固まったまま動かない騎士達に警戒しながら、おっさんらはゆっくり進んでいく。
数十m進むと、そこには今にも死にそうな、人間の姿に戻った30歳くらいの一人の男が横たわっていたのだ。
起き上がろうとするが、力が出ないのか座ることもできないようだ。
『こ、ここは、どこだ?』
「ここはダンジョンの中です。アレクさん」
おっさんが優しく声をかけるのだ。
『ぬ、お、お前たちは、冒険者か?』
「はい、そうです。大丈夫ですか?回復魔法をかけますね」
回復魔法をかけるおっさんである。
しかし、効果はないようだ。
(やはり、人間に戻ってももう無理か)
『すまぬ、我はもう無理のようだ。仲間も騎士達も帰りを待つ者達がいるというのに…。我は手に入れねばならぬのだ…』
「すいません。何か誰かに伝えることはありますか?」
最後の言葉を確認するおっさんである。
一行はじっとその様子を見守るのだ。
『おお…。これは奇跡か…。ありがとう。我はウガル家の当主だ。この恩は必ずウガル家が返す!必ず…』
「そんなことはいいです。早く何かあれば聞きますので!」
焦るおっさん。
アレクから光る泡が発生しだしたのだ。
周りの動かない騎士達からも光の泡が発生しだすのである。
『ああ、そ、そうだ!こ、この剣を息子に渡してほしい。ずっと欲しがっていてな。12歳になるのだ。大人になったら渡すと言ったが、約束を果たせそうにない』
(12歳か。

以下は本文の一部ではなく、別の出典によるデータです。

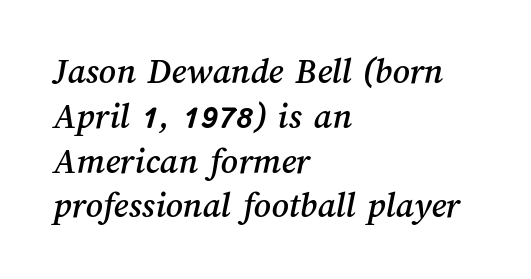
The image shows 37 px text type; set left-aligned, line spacing 1.21x, normal letter spacing, not underlined; medium stroke contrast and a medium x-height.

セリムの母親は11歳って言ってたな…)
腰から腐敗しボロボロになった短剣を取り出し、差し出すアレクである。
短剣の鞘にはめ込まれた宝石だけが輝いている。
「セリム、受け取ってあげてください」
「う、うん」
セリムに短剣を受け取らせるおっさんである。
『そして、伝えてほしい。リヒトに愛していると。そしてすまないと…』
「わ、わかった」
両手で短剣を受け取り返事をするセリムである。
光る泡が全身から発生しだす。
『ありがとう、お前は、どこか、わが息子に似ているな………』
そこまで言うと、アレクは騎士達とともに光る泡になって消えたのだ。
最後の顔はどこか安どしていたようだ。
セリムが持ったボロボロになった短剣だけが残されたのであった。